Time series solutions
Time series data is a set of values organized by time. Examples of time series data include sensor data, stock prices, click stream data, and application telemetry. Time series data can be analyzed for historical trends, real-time alerts, or predictive modeling.
Time series data represents how an asset or process changes over time. The data has a timestamp, but more importantly, time is the most meaningful axis for viewing or analyzing the data. Time series data typically arrives in order of time and is usually treated as an insert rather than an update to your database. Because of this, change is measured over time, enabling you to look backward and to predict future change. As such, time series data is best visualized with scatter or line charts.
Some examples of time series data are:
- Stock prices captured over time to detect trends.
- Server performance, such as CPU usage, I/O load, memory usage, and network bandwidth consumption.
- Telemetry from sensors on industrial equipment, which can be used to detect pending equipment failure and trigger alert notifications.
- Real-time car telemetry data including speed, braking, and acceleration over a time window to produce an aggregate risk score for the driver.
In each of these cases, you can see how time is most meaningful as an axis. Displaying the events in the order in which they arrived is a key characteristic of time series data, as there is a natural temporal ordering. This differs from data captured for standard OLTP data pipelines where data can be entered in any order, and updated at any time.
When to use this solution
Choose a time series solution when you need to ingest data whose strategic value is centered around changes over a period of time, and you are primarily inserting new data and rarely updating, if at all. You can use this information to detect anomalies, visualize trends, and compare current data to historical data, among other things. This type of architecture is also best suited for predictive modeling and forecasting results, because you have the historical record of changes over time, which can be applied to any number of forecasting models.
Using time series offers the following benefits:
- Clearly represents how an asset or process changes over time.
- Helps you quickly detect changes to a number of related sources, making anomalies and emerging trends clearly stand out.
- Best suited for predictive modeling and forecasting.
Internet of Things (IoT)
Data collected by IoT devices is a natural fit for time series storage and analysis. The incoming data is inserted and rarely, if ever, updated. The data is time stamped and inserted in the order it was received, and this data is typically displayed in chronological order, enabling users to discover trends, spot anomalies, and use the information for predictive analysis.
For more information, see Internet of Things.
Time series data is often time sensitive — that is, it must be acted on quickly, to spot trends in real time or generate alerts. In these scenarios, any delay in insights can cause downtime and business impact. In addition, there is often a need to correlate data from a variety of different sources, such as sensors.

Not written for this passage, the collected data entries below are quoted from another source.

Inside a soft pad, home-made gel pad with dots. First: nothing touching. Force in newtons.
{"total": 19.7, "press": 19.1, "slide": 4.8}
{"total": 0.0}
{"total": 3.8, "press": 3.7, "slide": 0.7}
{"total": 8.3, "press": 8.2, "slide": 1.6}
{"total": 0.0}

Ideally, you would have a stream processing layer that can handle the incoming data in real time and process all of it with high precision and high granularity. This isn't always possible, depending on your streaming architecture and the components of your stream buffering and stream processing layers. You may need to sacrifice some precision of the time series data by reducing it. This is done by processing sliding time windows (several seconds, for example), allowing the processing layer to perform calculations in a timely manner. You may also need to downsample and aggregate your data when displaying longer periods of time, such as zooming to display data captured over several months.
Time series data is often very high volume, especially in IoT scenarios. Storing, indexing, querying, analyzing, and visualizing time series data can be challenging.

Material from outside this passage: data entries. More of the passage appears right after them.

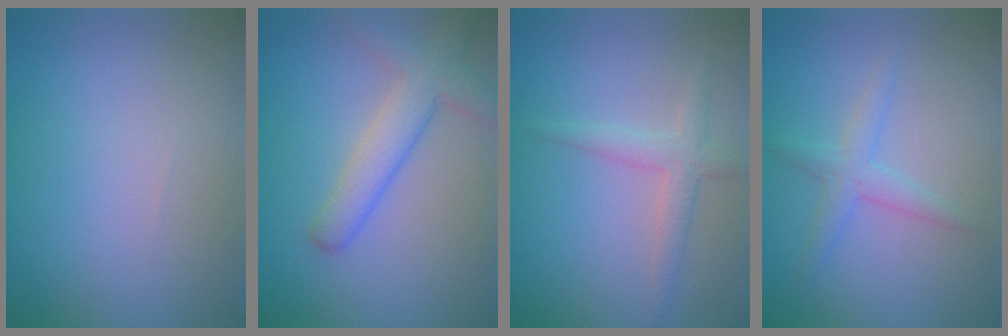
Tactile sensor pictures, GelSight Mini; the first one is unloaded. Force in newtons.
{"total": 4.2, "press": 4.2, "slide": 0.2}
{"total": 2.2, "press": 2.2, "slide": 0.0}
{"total": 2.1, "press": 2.1, "slide": 0.1}
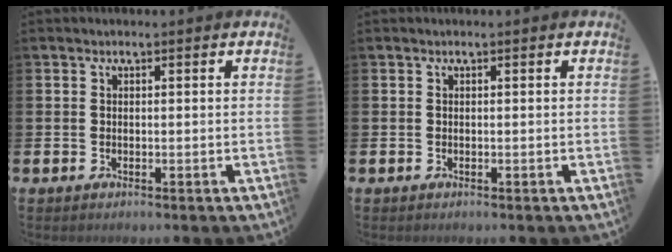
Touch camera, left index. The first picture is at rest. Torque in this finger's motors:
{"motor_torque": [0.00, 0.00, 0.00, 0.00]}
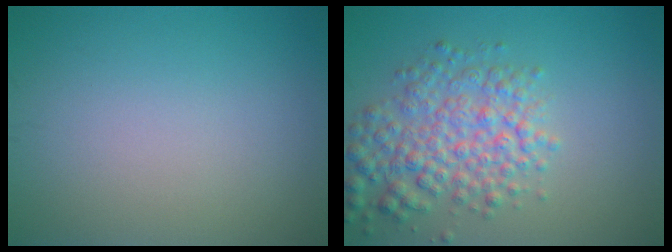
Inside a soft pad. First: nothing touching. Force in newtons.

It can be challenging to find the right combination of high-speed storage and powerful compute operations for handling real-time analytics, while minimizing time to market and overall cost investment.
In many scenarios that involve time series data, such as IoT, the data is captured in real time. As such, a real-time processing architecture is appropriate.

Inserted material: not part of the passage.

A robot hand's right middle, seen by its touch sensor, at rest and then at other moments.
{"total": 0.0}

Data from one or more data sources is ingested into the stream buffering layer by IoT Hub, Event Hubs, or Kafka on HDInsight. Next, the data is processed in the stream processing layer that can optionally hand off the processed data to a machine learning service for predictive analytics. The processed data is stored in an analytical data store, such as HBase, Azure Cosmos DB, Azure Data Lake, or Blob Storage. An analytics and reporting application or service, like Power BI or OpenTSDB (if stored in HBase) can be used to display the time series data for analysis.
Another option is to use Azure Time Series Insights. Time Series Insights is a fully managed service for time series data. In this architecture, Time Series Insights performs the roles of stream processing, data store, and analytics and reporting. It accepts streaming data from either IoT Hub or Event Hubs and stores, processes, analyzes, and displays the data in near real time. It does not pre-aggregate the data, but stores the raw events.
Time Series Insights is schema adaptive, which means that you do not have to do any data preparation to start deriving insights. This enables you to explore, compare, and correlate a variety of data sources seamlessly. It also provides SQL-like filters and aggregates, ability to construct, visualize, compare, and overlay various time series patterns, heat maps, and the ability to save and share queries.